Where the Road Began

You are standing at the starting point of this country's first federal road building project, the National Road. A vision of George Washington as a means to develop the continent and to unite the country, his idea was championed by Thomas Jefferson and authorized by Congress in 1806.
Nestled in the Allegheny Mountains, Cumberland sat on the edge of the frontier in the early 19th century. Crossing the mountainous landscape was challenging. The eastern continental divide was a barrier for westward expansion and trade in the Ohio Valley. Still, daring pioneers pushed westward.
"Easily first among the several through highways running west from the Atlantic seaboard, and ranking with the Santa Fe and Oregon Trails of the far west, is the Old National Road, which though completed as a government project only from Cumberland, Maryland to Wheeling (then Virginia, now West Virginia) was connected up with the older pikes from Baltimore, Frederick and Hagerstown, and subsequently with the newer lines west of the Ohio River, making for all time the shortest and most natural way for road travel from tidewater at Chesapeake Bay to the junction of the Mississippi and Missouri Rivers at St. Louis, Missouri."

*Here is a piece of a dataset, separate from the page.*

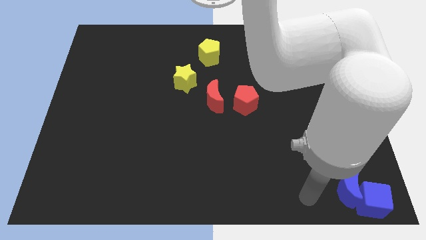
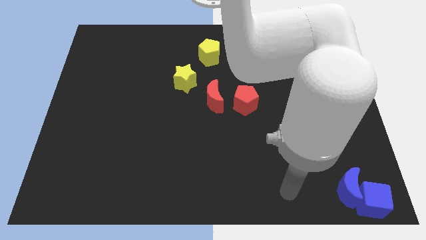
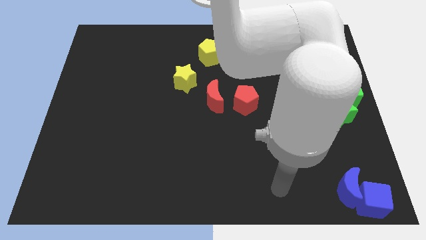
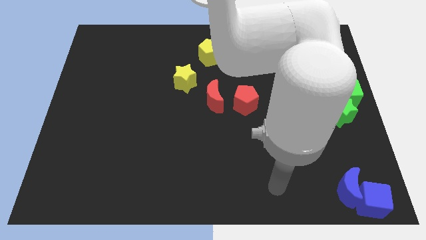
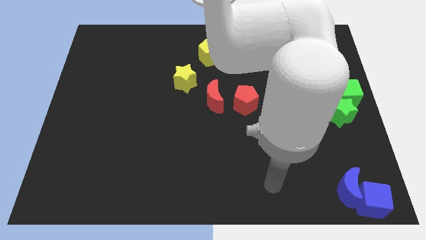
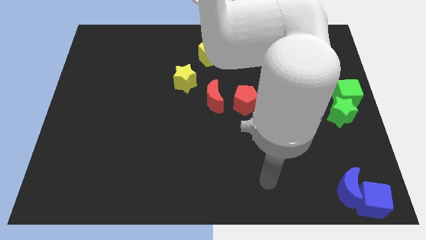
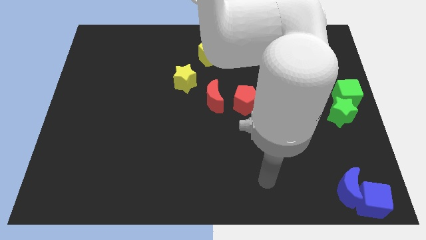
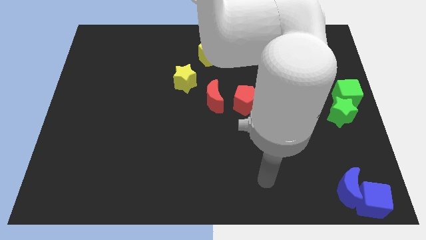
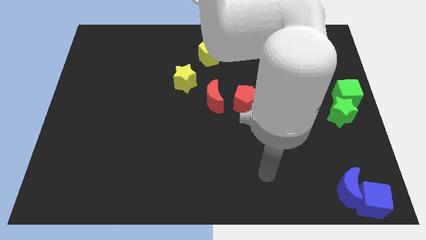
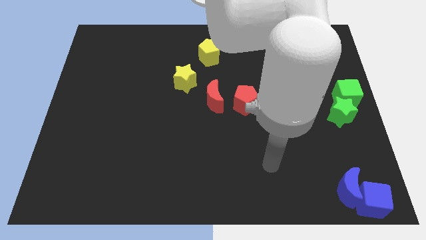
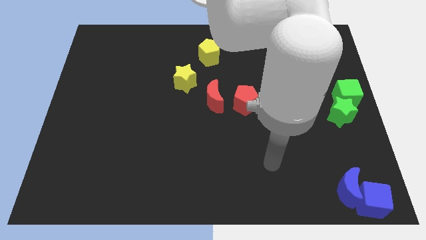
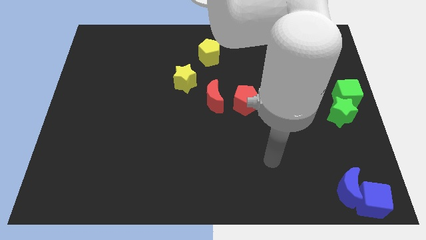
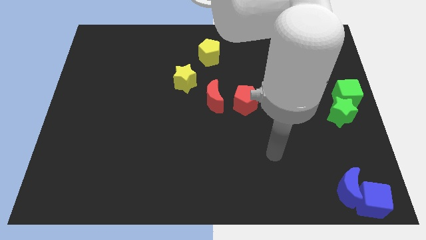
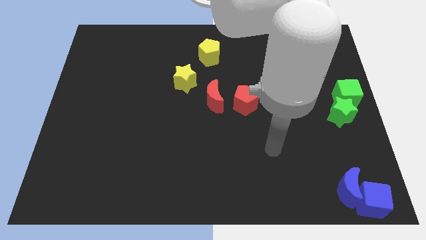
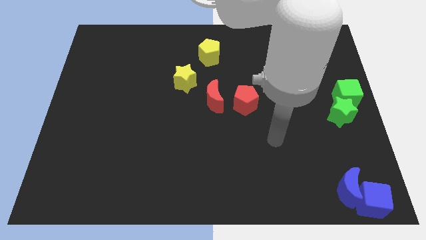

Robert Bruce traveled the National Road in 1916, and produced a guidebook that included "a series of detailed maps showing topography and principal points of historic interest." His insight ass those years ago continues to enlighten today's traveler on the historical significance of this great highway that for so many years was "a vital factor in the life, politics and industry of the country." Thank you, Mr. Bruce.